In 2020, Comcast earned about $20 billion on more than $103 billion of revenue. Not a bad take, right? The company, which owns NBC, theme parks, movie studios and sports teams also provides Internet services to customers in 40 states. Comcast has repeatedly come under fire for poor customer service and antitrust concerns, much of that deserved. But I pick this company because I’m a customer and they are foremost on mind. Why?

Because my Internet service is down! So you would think I’d be ready to complain loudly about Comcast. But I’m not going to do that.

The higher taxes proposed by the Biden administration isn’t going to worry Comcast very much. The company has bigger things to worry about then the U.S. government. It’s got shareholders. And to appease them and their stock price, the company will simply treat those higher taxes like any other cost of doing business and will adjust. How? They’ll certainly raise their prices, which means higher Internet fees for my business. But, more importantly, they’ll be less inclined to spend.

That’s because when costs — like taxes — go up, companies simply adjust their overhead. Which means less hiring, less services and less support for their customers (that’s me!). They’ll also spend less in their communities. So programs this one that gave out to grants to Black business in my city will be impacted. As well as the millions Comcast — like most other large corporations — plows into its charitable foundation that benefits diversity-oriented programs that address digital literacy and community service.

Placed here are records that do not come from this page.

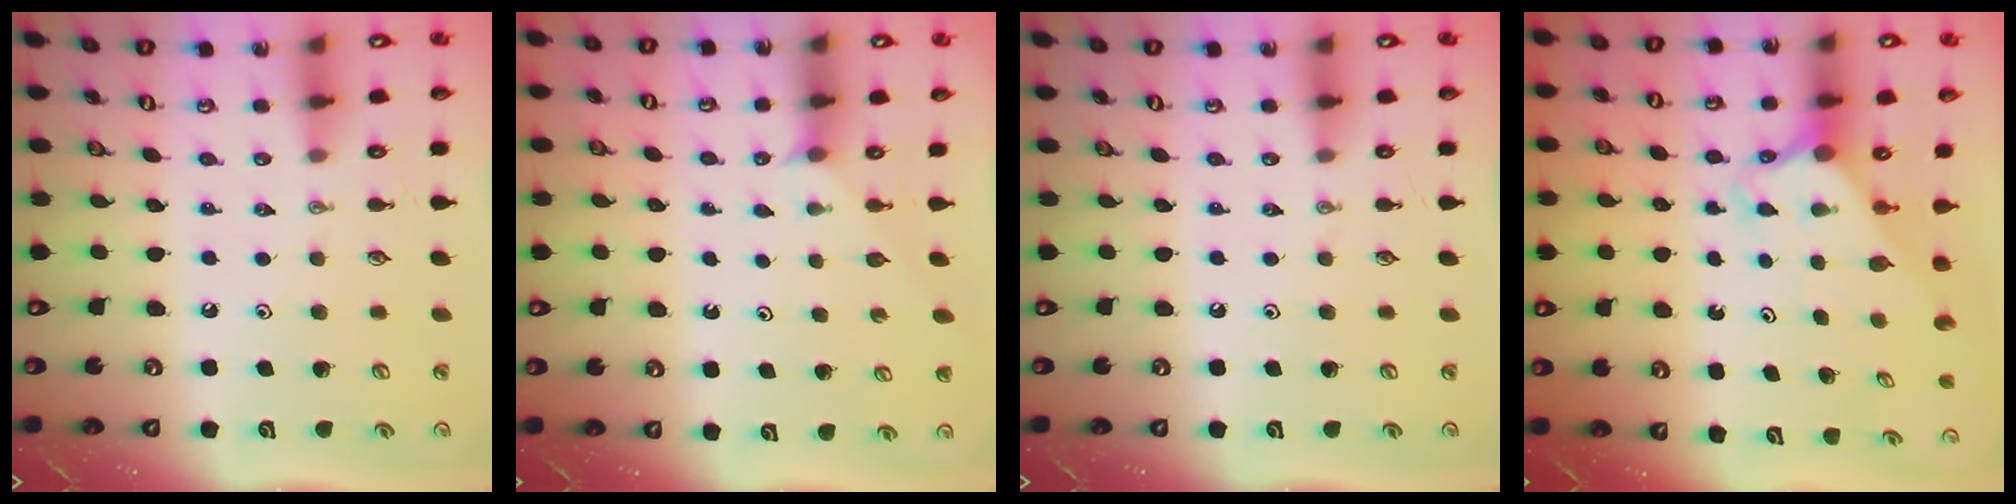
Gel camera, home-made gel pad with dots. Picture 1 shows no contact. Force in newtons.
{"total": 2.5, "press": 2.5, "slide": 0.3}
{"total": 0.0}
{"total": 2.6, "press": 2.6, "slide": 0.1}
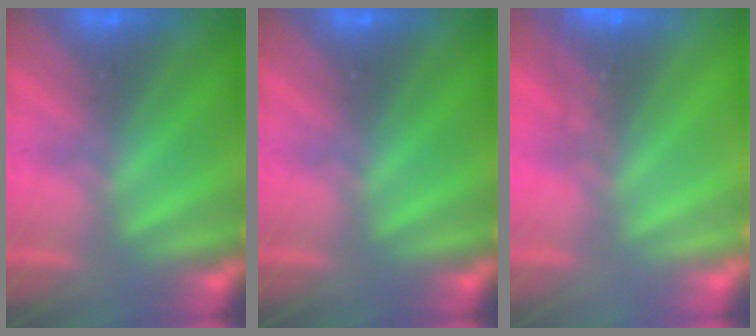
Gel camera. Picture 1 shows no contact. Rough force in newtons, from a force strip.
{"total": 0.0}
{"total": 2.4}
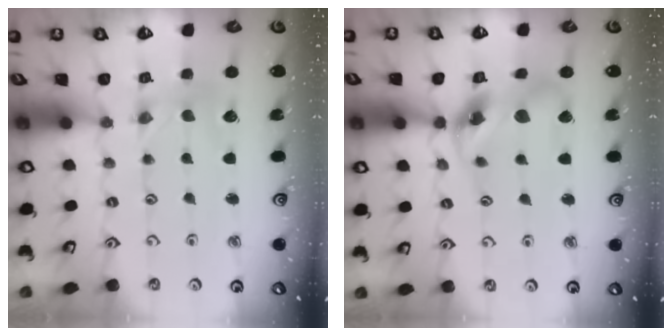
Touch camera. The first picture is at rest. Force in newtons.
{"total": 13.1, "press": 13.0, "slide": 1.7}
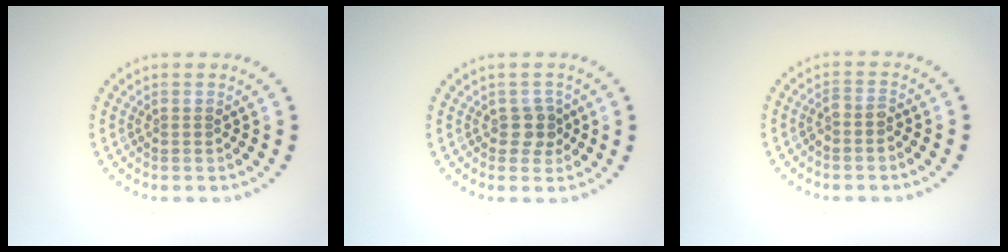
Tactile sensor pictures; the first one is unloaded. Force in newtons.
{"total": 1.7, "press": 1.5, "slide": 0.8}
{"total": 1.1, "press": 0.9, "slide": 0.6}
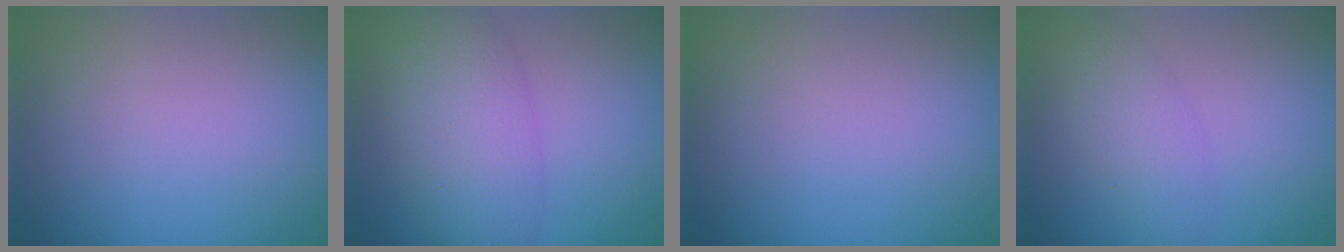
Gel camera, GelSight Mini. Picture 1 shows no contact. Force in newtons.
{"total": 5.8, "press": 5.8, "slide": 0.2}
{"total": 0.0}
{"total": 2.4, "press": 2.4, "slide": 0.2}
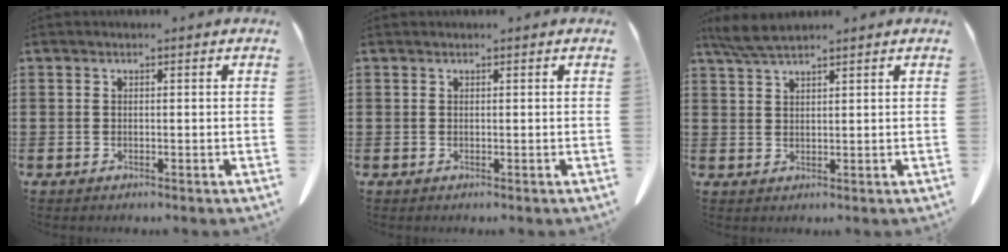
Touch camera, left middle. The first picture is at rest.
{"total": 0.0}
{"total": 3.9, "force": [3.2, 0.5, 2.2], "torque": [-0.052, -0.003, 0.061]}
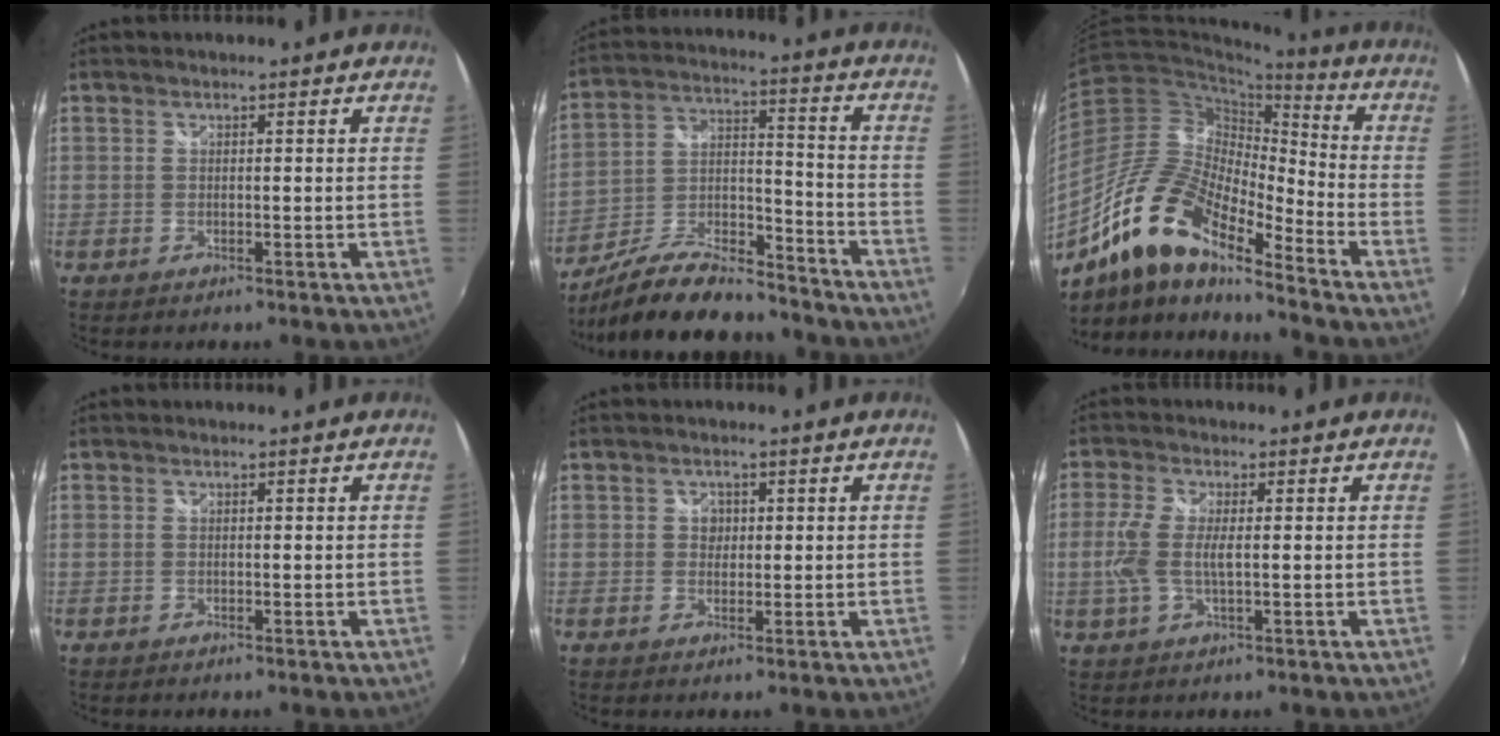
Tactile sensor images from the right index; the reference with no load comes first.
{"total": 19.5, "force": [-15.5, 6.1, 10.1], "torque": [-0.197, 0.000, -0.254]}
{"total": 17.3, "force": [-12.0, 5.3, 11.3], "torque": [-0.210, -0.004, -0.240]}
{"total": 0.0}
{"total": 2.0, "force": [0.2, 1.9, 0.6], "torque": [-0.005, 0.004, 0.001]}
{"total": 6.0, "force": [-0.1, 2.1, 5.6], "torque": [-0.125, -0.001, -0.002]}
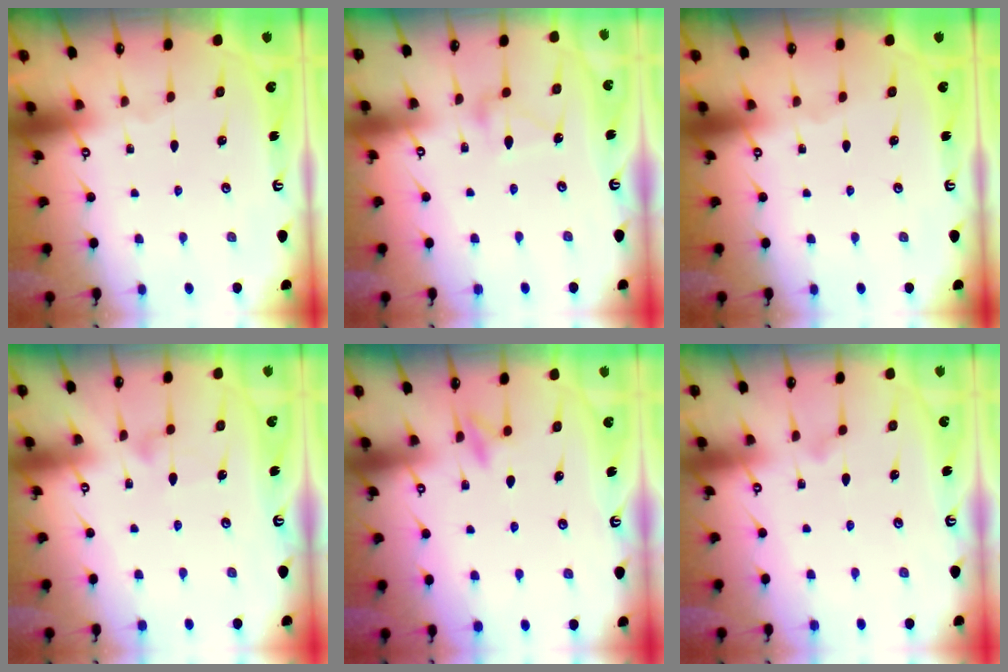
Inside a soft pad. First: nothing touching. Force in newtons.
{"total": 8.7, "press": 8.7, "slide": 0.4}
{"total": 0.0}
{"total": 6.6, "press": 6.6, "slide": 0.4}
{"total": 9.0, "press": 8.9, "slide": 1.0}
{"total": 6.2, "press": 6.2, "slide": 0.3}
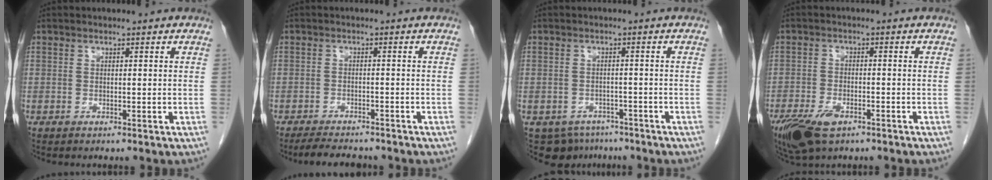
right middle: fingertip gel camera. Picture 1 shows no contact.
{"total": 6.5, "force": [-5.9, 1.4, 2.5], "torque": [-0.041, -0.012, -0.089]}
{"total": 6.5, "force": [-4.8, 4.2, 0.9], "torque": [-0.012, 0.001, -0.063]}
{"total": 8.3, "force": [-5.2, 3.6, 5.4], "torque": [-0.105, -0.013, -0.090]}
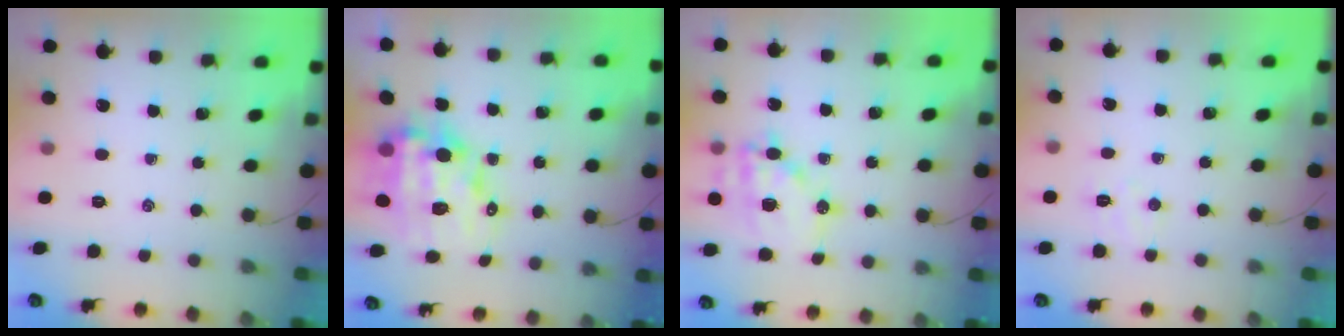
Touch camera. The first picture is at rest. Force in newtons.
{"total": 14.8, "press": 14.4, "slide": 3.5}
{"total": 15.9, "press": 15.5, "slide": 3.4}
{"total": 4.2, "press": 4.1, "slide": 0.9}

Inhibiting corporations with higher tax rates impacts their investment decisions, too. Without lower capital gains taxes and the “step up” tax advantages that the Biden administration may also remove, would Comcast have built its 59-story tower that, according to an economic impact report, had a total economic impact of $1.7 billion in the city and $2.8 billion in my state through its direct and spillover activities? Perhaps. Perhaps not.